As the defender of a small pocket of civilization, Alassra considered putting a stop to Rizcarn and his Cha'Tel'Quessir, but as the Simbul she nurtured a similar wildness
close to her heart; she waited and watched.

Rizcarn's arms wove the air as he sang a courtship song he must have once sung to Shali. The other Cha'Tel'Quessir in the circle around him couldn't see the silver-green aura, but they felt the magic—especially Bro, oblivious to the sweat streaming down his face, swaying in rhythm with his father's arms as he sang the chorus.

Of course, there was another explanation for the youth's exuberance. Alassra had lost count of the jugs and skins of honey wine the Cha'Tel'Quessir had passed around their circle. Several of the mourners would sleep where they sat. Not Rizcarn; the aura allowed him to drink to no effect.

And not Bro. Alassra herself had seen to that when she examined his wounds. The youth was living fast tonight, thanks to her spellcraft: a self-indulgent, but useful, variation on the warrior's
haste
spell left Bro's bones moving at an unexceptional speed while his gut digested honey wine at a prodigious rate. He was steady on his feet when he started walking toward the bushes.

Alassra followed him at a discrete distance. Spells notwithstanding, Bro wasn't as sober as he thought he was, and she needed to remind him—with a pinch of salt and a strand of his hair—that he was thirsty and needed water before returning to the mourners' circle. She trailed him to the stream where they'd found Lanig's body and watched, smiling, as he not only drank his fill, but stripped to the waist and sluiced off the sweat.

Bro headed back to the camp, shirt sleeves tied around his waist, with Alassra keeping a quiet distance behind him. She heard a twig break, loudly and not by accident. Bro finished the journey alone.

“Storm's coming,” Halaern said from the shadows.

“The question is, when will it get here. The wind's died, but the storm's still in the air. I wonder what's holding it there? Red Wizard magic? The wind's from their quarter.”
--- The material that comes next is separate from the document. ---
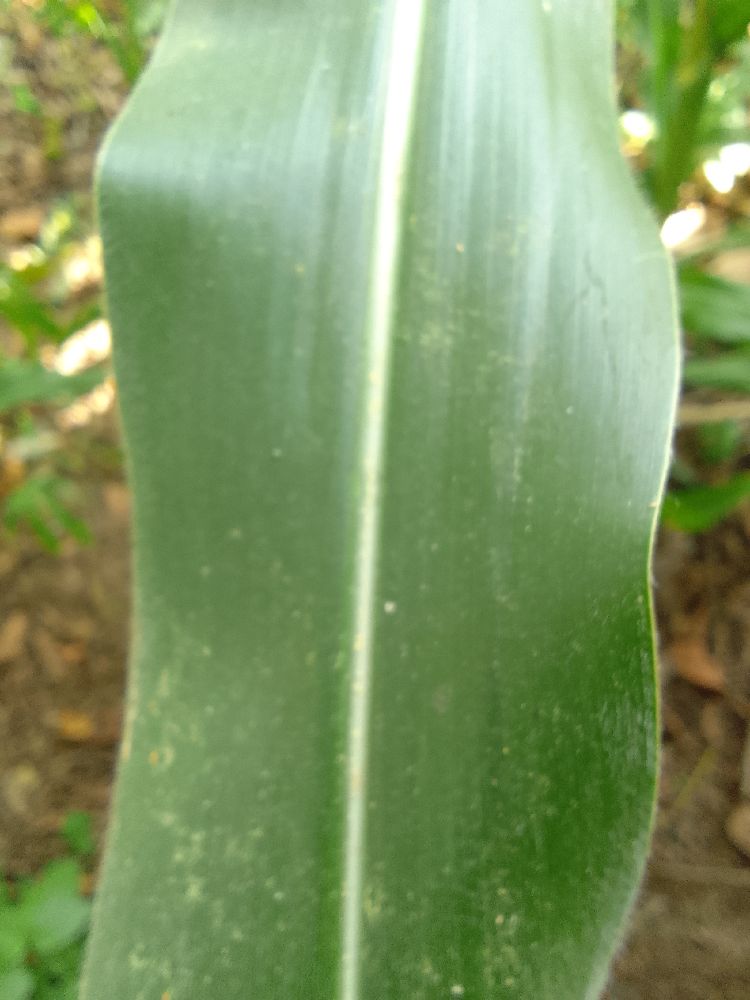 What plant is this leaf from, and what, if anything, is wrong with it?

maize, healthy

“The wind,” Halaern agreed. Where weather was concerned, he was the expert. “But not the storm. The storm's here, my lady. The Yuirwood doesn't like all this magic.”
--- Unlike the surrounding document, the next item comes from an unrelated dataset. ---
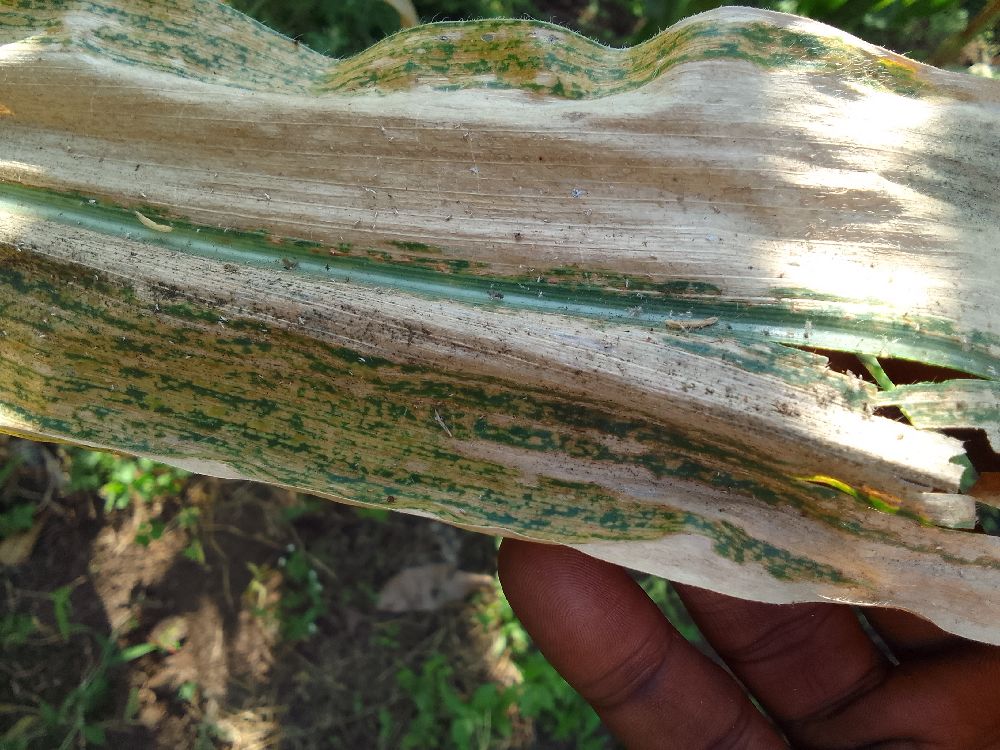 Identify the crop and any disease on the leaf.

maize, maize lethal necrosis

“All this magic? If the storm's not from the Red Wizards, what magic is there? The Cha'Tel'Quessir baking bread? Rizcarn?”

Halaern shrugged. “Rizcarn and the Sunglade are part of the Yuirwood, but the Yuirwood has many trees. They are not all the same.”

When it suited them, the Cha'Tel'Quessir could be as oblique as any Tel'Quessir. The Simbul could mimic their features, but never their thoughts. Her forester had known Rizcarn; the images she'd gleaned from his memories were more accurate than those she'd gleaned from Bro. How well had they known each other? What would Rizcarn say if Trovar Halaern, elder of Yuirwood, walked into his camp, or did he already know he had the Simbul's forester as an outrider? If Halaern wanted to get a message into or out of the camp, Alassra didn't doubt he could do it and right in front of her eyes.

Alassra's thoughts were always her own, but the silence belonged to both her and Halaern.

“My queen, I serve you as I serve the forest. I would not wish to lose your trust, but there are things I cannot explain.”

He stood farther away than usual, with more reserve, less affection, calling her his queen rather than his friend. She could guess why.

“Have I lost yours, dear friend? Do you watch me do what you would rather I did not?”

His eyes hardened; she'd touched a nerve. “Ebroin is young. His eyes are open, but he's never seen.”

“Until today?”

“I beg you, my lady, have a care for him. You are his first. For him, there will be consequences.”

Halaern knew the consequences because he'd lived them. Alassra suffered a guilty twinge for a situation she did not consider her fault, or at least not entirely her fault. “I do
not
encourage him, Halaern; I did
not
encourage you. I offered friendship, and it was freely taken. I offered laughter, and that was taken, too. If Ebroin knew who Chayan SilverBranch was, he'd run in the other direction.”